Study Proves That Twitter and Facebook Correlate to Market Performance
Going Like Sixty — March 19, 2011 — Business
References: venturebeat
When you tweet, Wall Street listens. When you Like, Wall Street is watching and aggregates your likes to determine a brand popularity and indicate future stock prices. Using social media to predict a stock price may be the next big thing for anybody looking to make a killing in the stock market.
A doctoral student at Pace University recently did a study using Famecount to test the theory. Can social media habits predict stock prices of big-name companies? Starbucks, Coca Cola and Nike were tracked for 10 months. Based on tweets, Facebook "Likes" and YouTube views, the brand's social media fame was logged against the stock price compared to other consumer stocks. The student proved that there is a correlation. Although stock price didn't go up in Coke's case -- it actually went down -- social media withstood the test as an indicator.
Doubters will note that only a very small number of brands were tracked, but traders are known to take risks on indicators with far less reliability than shown using social media. Rochester Cahan, the vice president of Global Equity Quantitative Strategy at Deutsche Bank, says there is significant improvements for traders when they take into account social media.
A doctoral student at Pace University recently did a study using Famecount to test the theory. Can social media habits predict stock prices of big-name companies? Starbucks, Coca Cola and Nike were tracked for 10 months. Based on tweets, Facebook "Likes" and YouTube views, the brand's social media fame was logged against the stock price compared to other consumer stocks. The student proved that there is a correlation. Although stock price didn't go up in Coke's case -- it actually went down -- social media withstood the test as an indicator.

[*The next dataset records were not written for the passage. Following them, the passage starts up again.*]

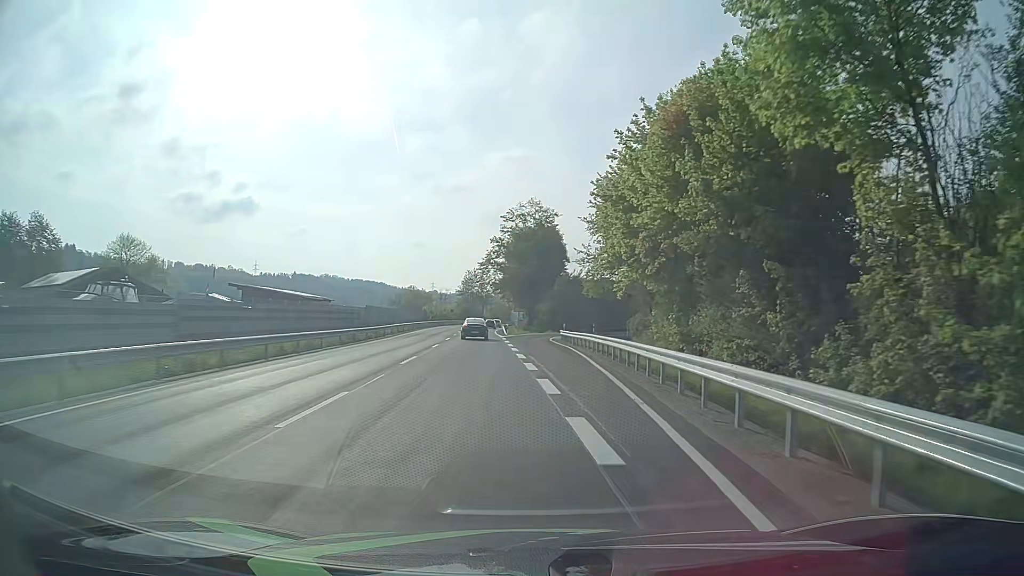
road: primary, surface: asphalt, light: Day
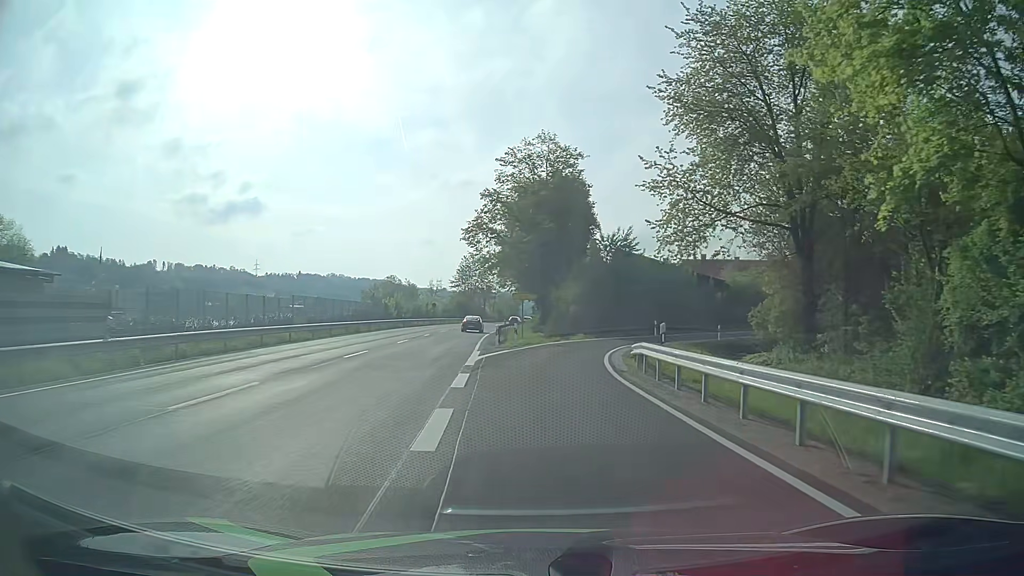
(-0.3, +35.0) m; -1°
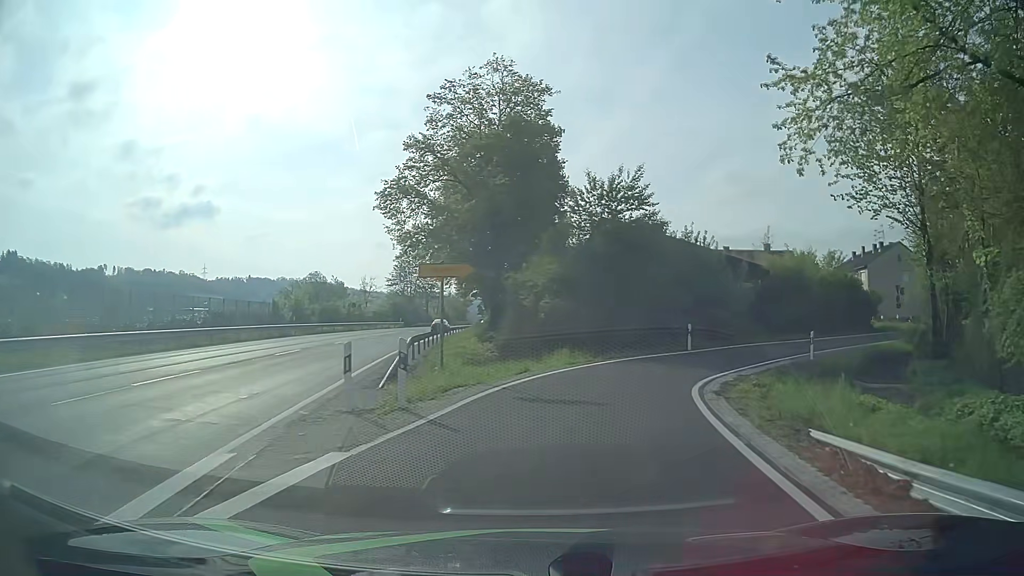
(+0.2, +20.5) m; +3°
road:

Doubters will note that only a very small number of brands were tracked, but traders are known to take risks on indicators with far less reliability than shown using social media. Rochester Cahan, the vice president of Global Equity Quantitative Strategy at Deutsche Bank, says there is significant improvements for traders when they take into account social media.
Trend Themes
1. Social Media Predictive Analytics - Using social media data to predict stock prices is a disruptive innovation opportunity for investors.
2. Brand Popularity Tracking - Tracking social media fame against stock prices is a disruptive innovation opportunity for market analysts.
3. Social Media as Market Indicators - Leveraging social media metrics as market indicators is a disruptive innovation opportunity for traders.
Industry Implications
1. Finance - Integrating social media analytics into financial strategies is a disruptive innovation opportunity for the finance industry.
2. Digital Marketing - Using social media metrics to track brand popularity is a disruptive innovation opportunity for the digital marketing industry.
3. Data Science - Developing predictive algorithms based on social media data is a disruptive innovation opportunity for the data science industry.